To convert PDF to Excel with AI you used to upload the invoice above to a website and hope the result was clean. It does not have to be that way anymore. Open the PDF, tell Lapu AI to write it back as Excel, and you get the workbook below — column headers in lower_snake_case, dates Excel reads as real dates, a live =SUM formula where the printed total used to be. The conversion runs locally on your machine. The PDF never leaves your disk. Every write to your filesystem waits for your approval.

That second image is a real .xlsx, produced from the first image by the agent on your own machine. No upload, no third-party converter, no API key. Download Lapu AI for macOS or Windows and try it on your next vendor PDF — or see the Microsoft Excel automation page for the full set of workflows the agent runs on spreadsheets.
The rest of this guide explains what a good PDF-to-Excel conversion actually looks like, where the hard parts hide, and how to run the whole thing without sending the document to a third party.
What "PDF to Excel AI" actually means
The phrase covers two distinct jobs that get conflated. The first is table extraction: a PDF contains one or more grids of data, and you want each grid as a sheet of cells with the right types. The second is structured rewrite: a PDF contains data in a non-tabular layout — labelled fields on an invoice header, line items spread across pages with running totals — and you want a single normalized table at the end.
Hosted PDF-to-Excel converters (Adobe, Smallpdf, iLovePDF, dozens of others) do the first job well for text-native PDFs and the second job by guessing. Microsoft's own Power Query PDF connector added native "Get Data → From PDF" to Excel itself, with the Pdf.Tables M function exposing the detected tables (Microsoft, 2025). Open-source options like Tabula — created at the Knight Foundation and still actively used in newsrooms — and Python's Camelot library cover the table-extraction case for text-PDFs with no cloud round trip (Camelot, 2025).
What an AI agent adds on top is judgment: which page region is the table, what to do when a column header wraps across two lines, when a row that looks like data is actually a sub-total, and what column types to coerce values into. The "AI" part is the layer that decides; the extraction primitives underneath have been solved for years.
Why the upload-to-cloud default is the wrong default
For a public report you downloaded from a government site, uploading to a cloud converter is fine — the document is already public. For an invoice with vendor banking details, a bank statement with account numbers, a benefits summary with employee identifiers, or a vendor reconciliation file that names the customers you serve, the upload is the privacy decision, not the conversion. The conversion is mechanical.

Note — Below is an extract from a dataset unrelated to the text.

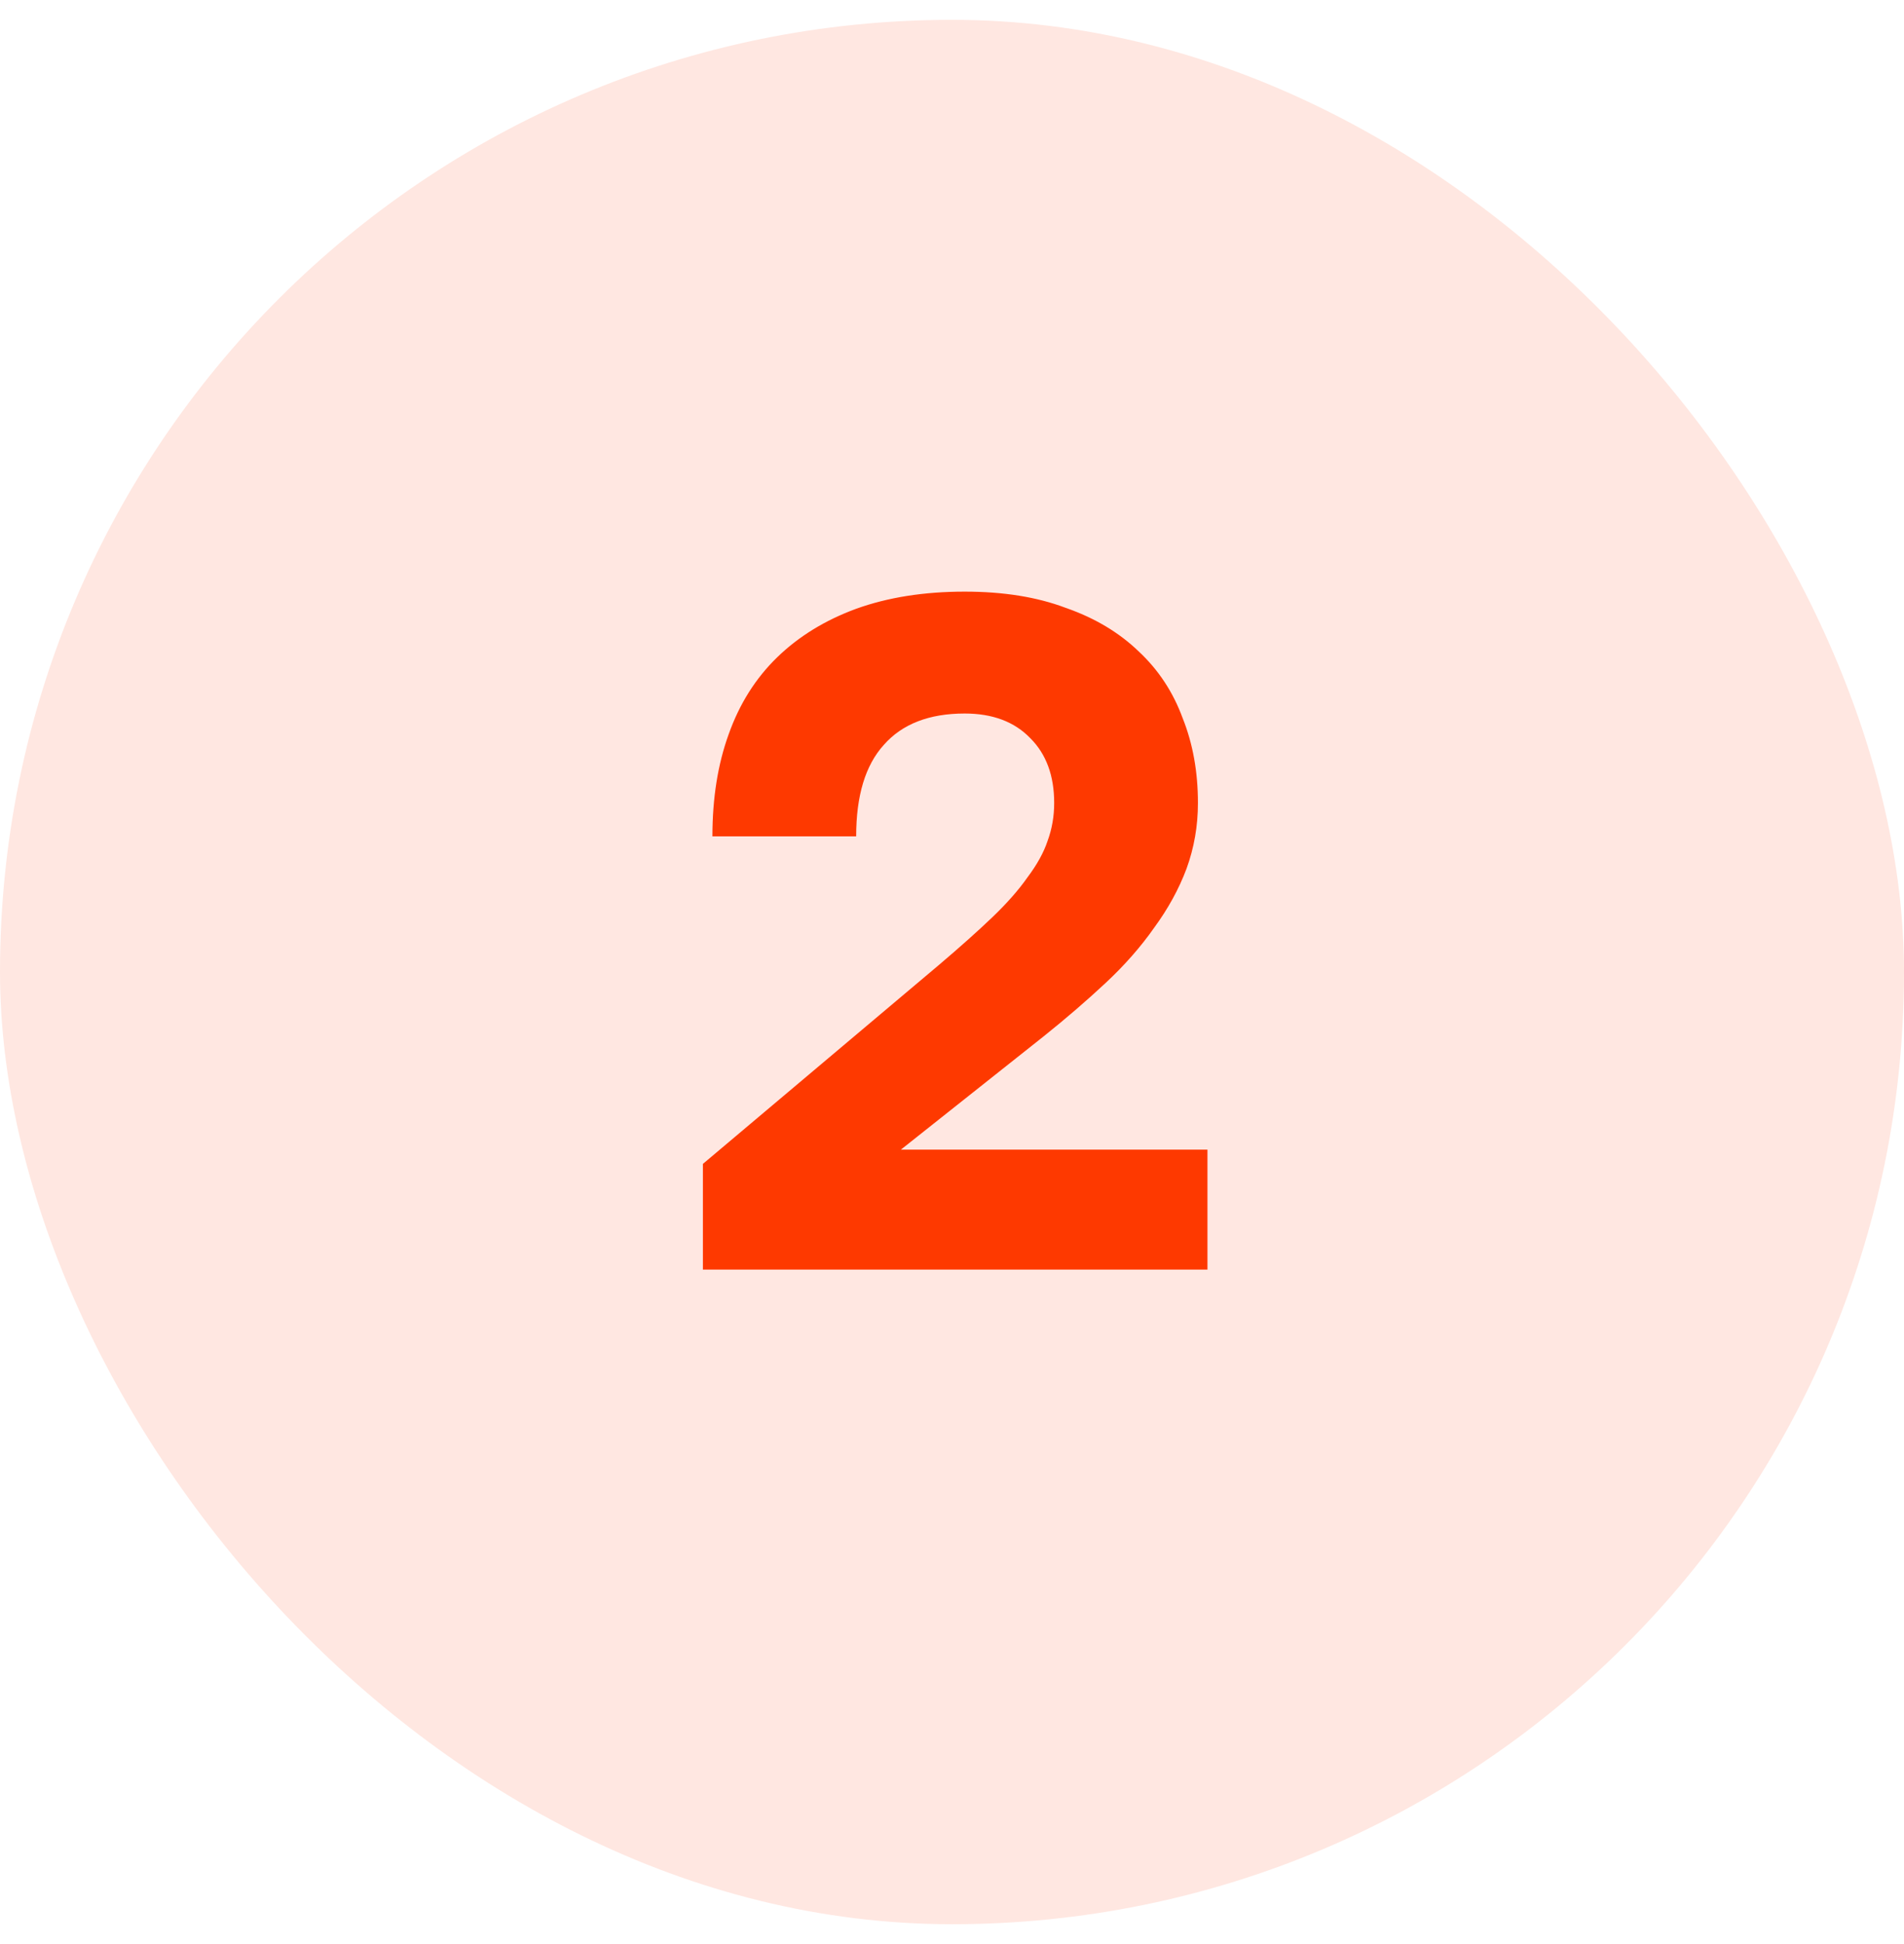 <?xml version="1.0" encoding="UTF-8"?> <svg xmlns="http://www.w3.org/2000/svg" width="48" height="49" viewBox="0 0 48 49" fill="none"><rect y="0.5" width="48" height="48" rx="24" fill="#FE3900" fill-opacity="0.12"></rect><path d="M17.72 32V29.336L23.672 24.32C24.2 23.872 24.648 23.472 25.016 23.12C25.384 22.768 25.68 22.432 25.904 22.112C26.144 21.792 26.312 21.488 26.408 21.2C26.52 20.896 26.576 20.576 26.576 20.24C26.576 19.552 26.376 19.008 25.976 18.608C25.576 18.192 25.024 17.984 24.32 17.984C23.424 17.984 22.744 18.248 22.28 18.776C21.816 19.288 21.584 20.056 21.584 21.08H17.96C17.96 20.12 18.096 19.264 18.368 18.512C18.64 17.744 19.048 17.096 19.592 16.568C20.136 16.04 20.8 15.632 21.584 15.344C22.384 15.056 23.296 14.912 24.32 14.912C25.296 14.912 26.144 15.048 26.864 15.32C27.6 15.576 28.216 15.944 28.712 16.424C29.208 16.888 29.576 17.448 29.816 18.104C30.072 18.744 30.2 19.456 30.2 20.24C30.2 20.816 30.104 21.368 29.912 21.896C29.72 22.408 29.448 22.904 29.096 23.384C28.76 23.864 28.352 24.328 27.872 24.776C27.392 25.224 26.872 25.672 26.312 26.12L22.712 28.976H30.44V32H17.72Z" fill="#FE3900"></path></svg>

The defensible default on a regulated machine is local-first: read the PDF where it lives, extract the tables in process, write back to disk, never send the file body to a vendor's server. That is the same architecture we wrote up in our earlier guide on AI PDF extraction without third-party services. PDF-to-Excel is a special case of that pattern where the output is a workbook instead of a JSON blob.
The five steps of a good PDF-to-Excel conversion
Strip the marketing claims off any tool in this category and you find the same five-step pipeline.

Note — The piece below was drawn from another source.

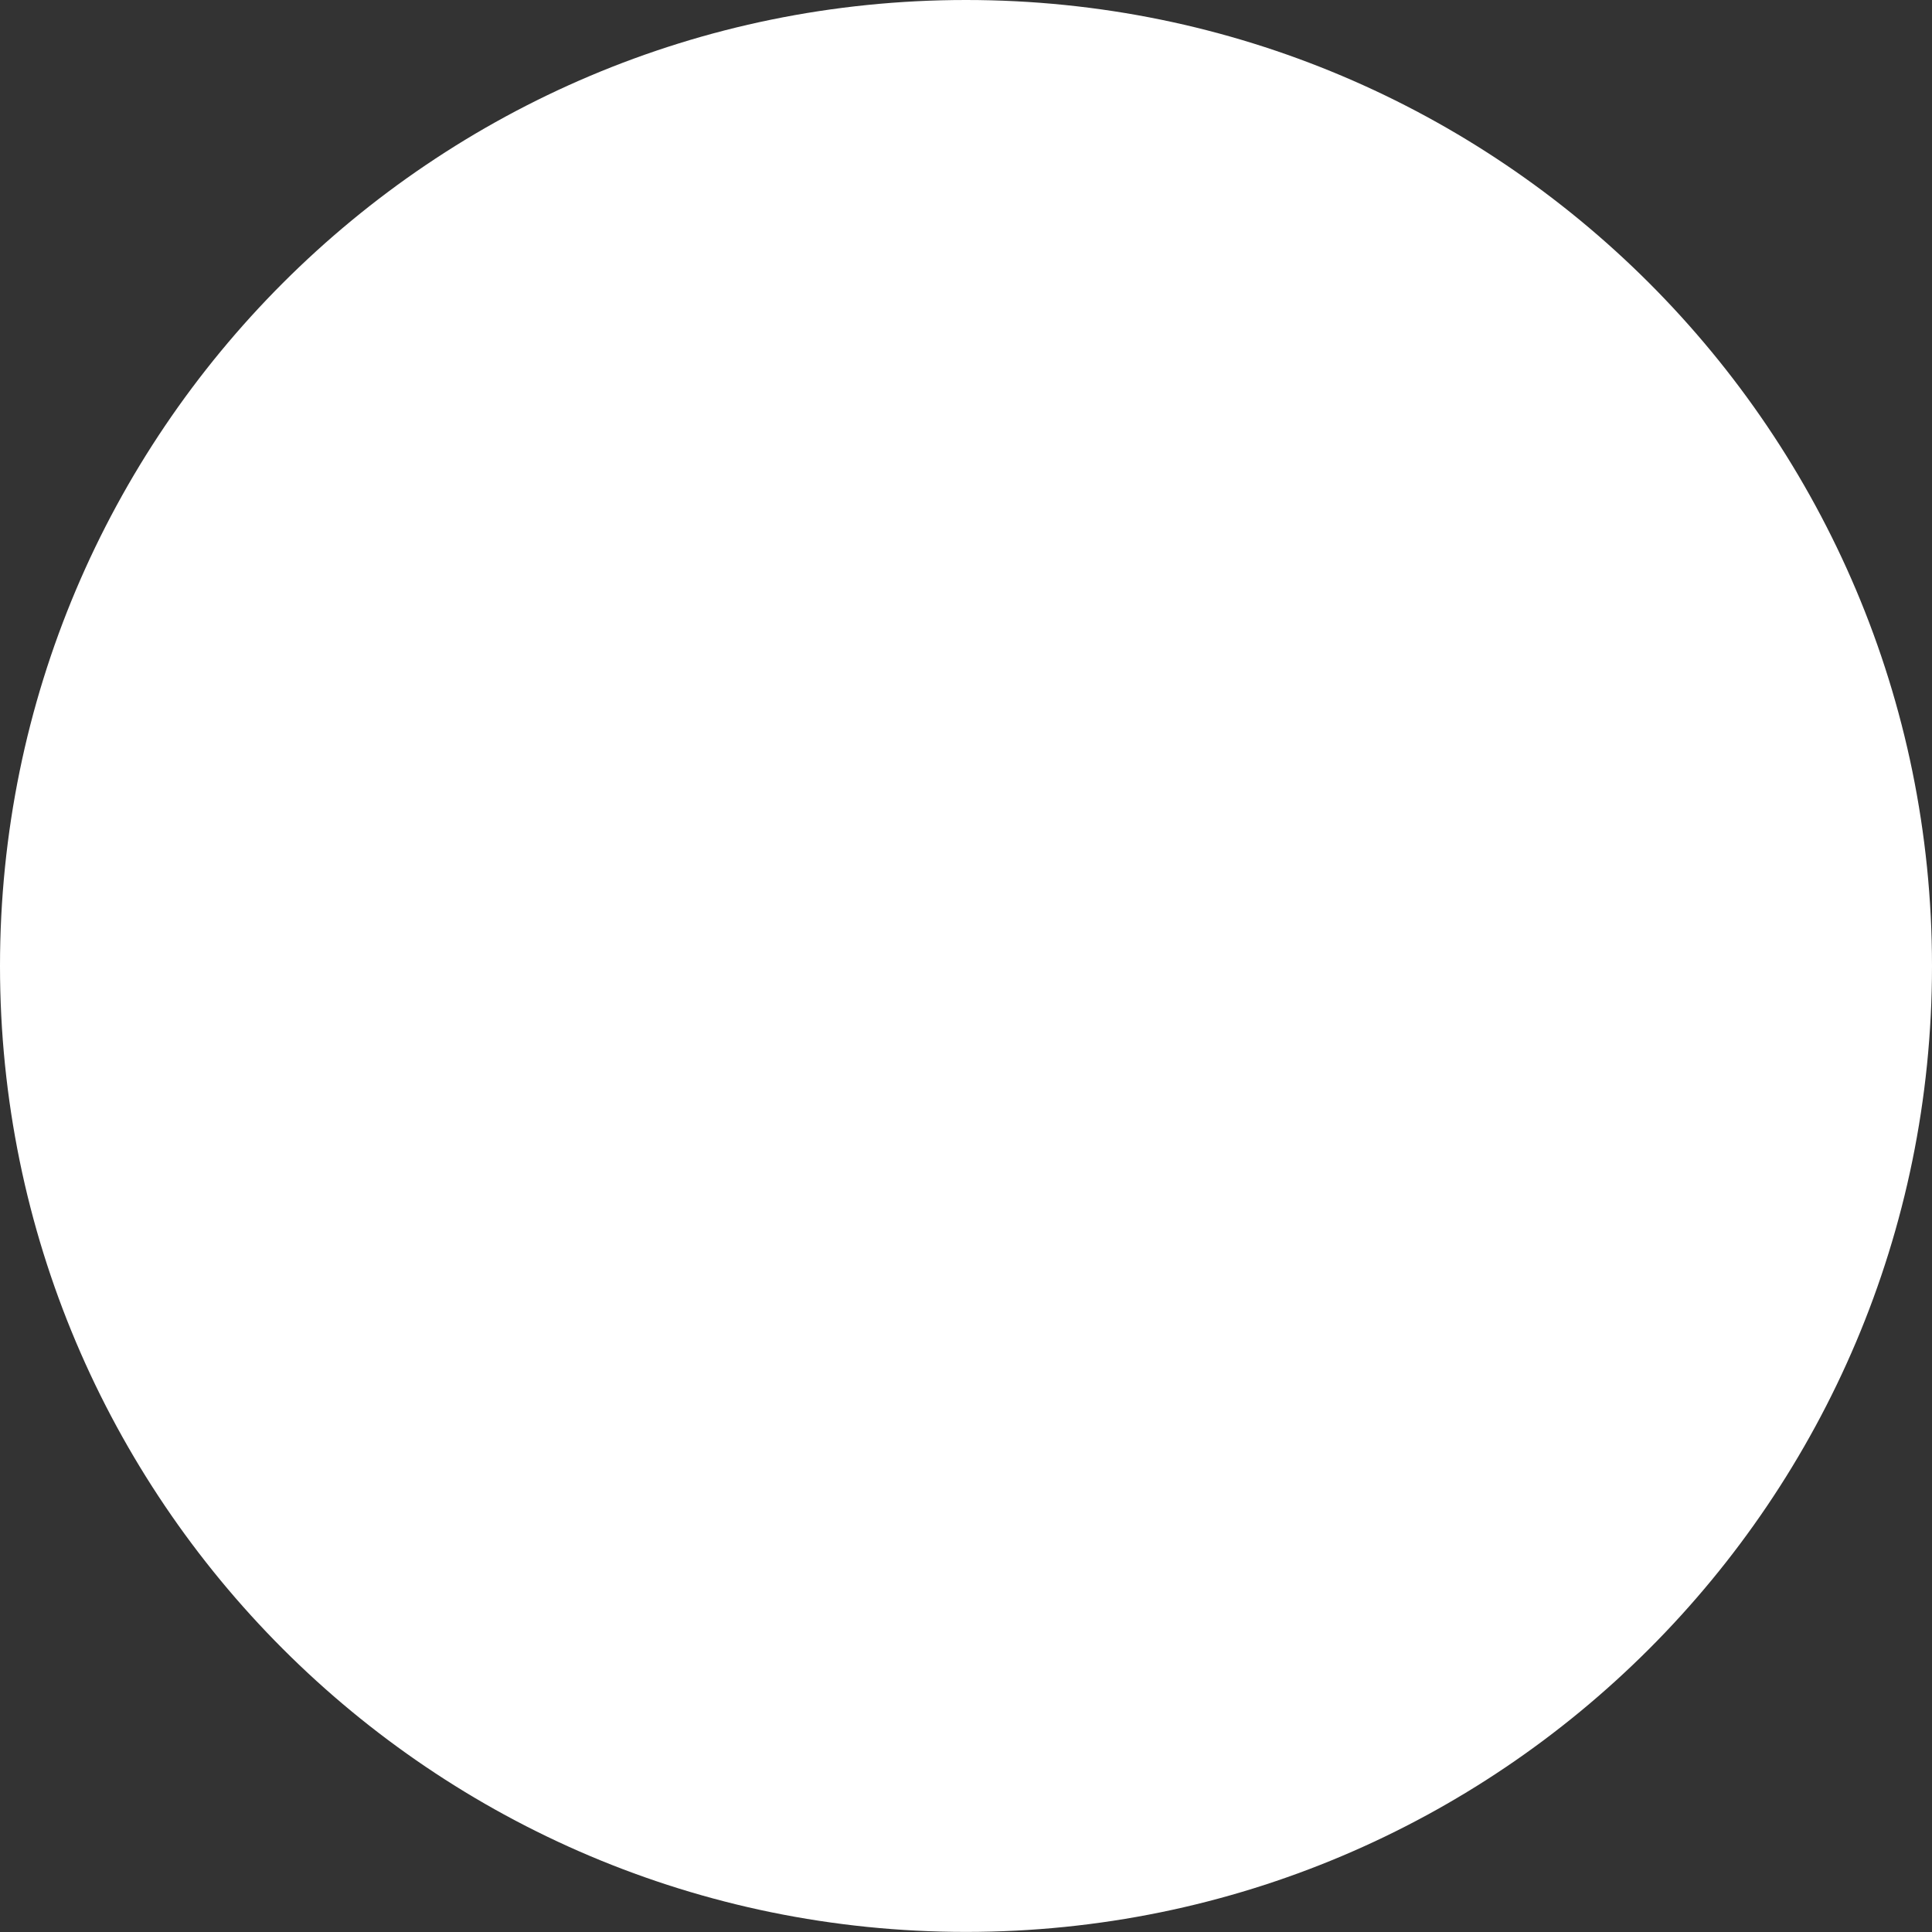   <svg height="7" width="7" xmlns="http://www.w3.org/2000/svg" preserveAspectRatio="none" viewBox="1 1 21 21">
   <rect x="1" y="1" width="21" height="21" fill="#333333" stroke="none"/>
   <path fill="rgb(255, 255, 255)" fill-rule="nonzero" d="M11.5 1C17.299 1 22 5.701 22 11.5C22 17.298 17.299 21.999 11.5 21.999C5.701 21.999 1 17.298 1 11.5C1 5.701 5.701 1 11.5 1 Z">
   </path>
  </svg>

- Classify the page. Is the page mostly a table, mostly prose, or a mixed layout (header block + table + footer)? Naive converters skip this and try to table-extract everything; the result is hundreds of one-cell "tables" lifted from running prose.
- Detect the table region. Within a page, where does the data grid start and end? Camelot's lattice parser uses ruling lines; its stream parser uses whitespace; the auto mode picks one. AI helps when neither signal is clean — a borderless table on a busy page, an invoice where the line-item grid is implied by alignment, not lines.
- Recover the column structure. A wrapped header ("Invoice / Number") becomes one column, not two. Currency symbols stay in the value or move into a separate column consistently. A column that contains "$1,240.00" in some rows and "1,240" in others needs to be coerced to a number, not stored as mixed strings.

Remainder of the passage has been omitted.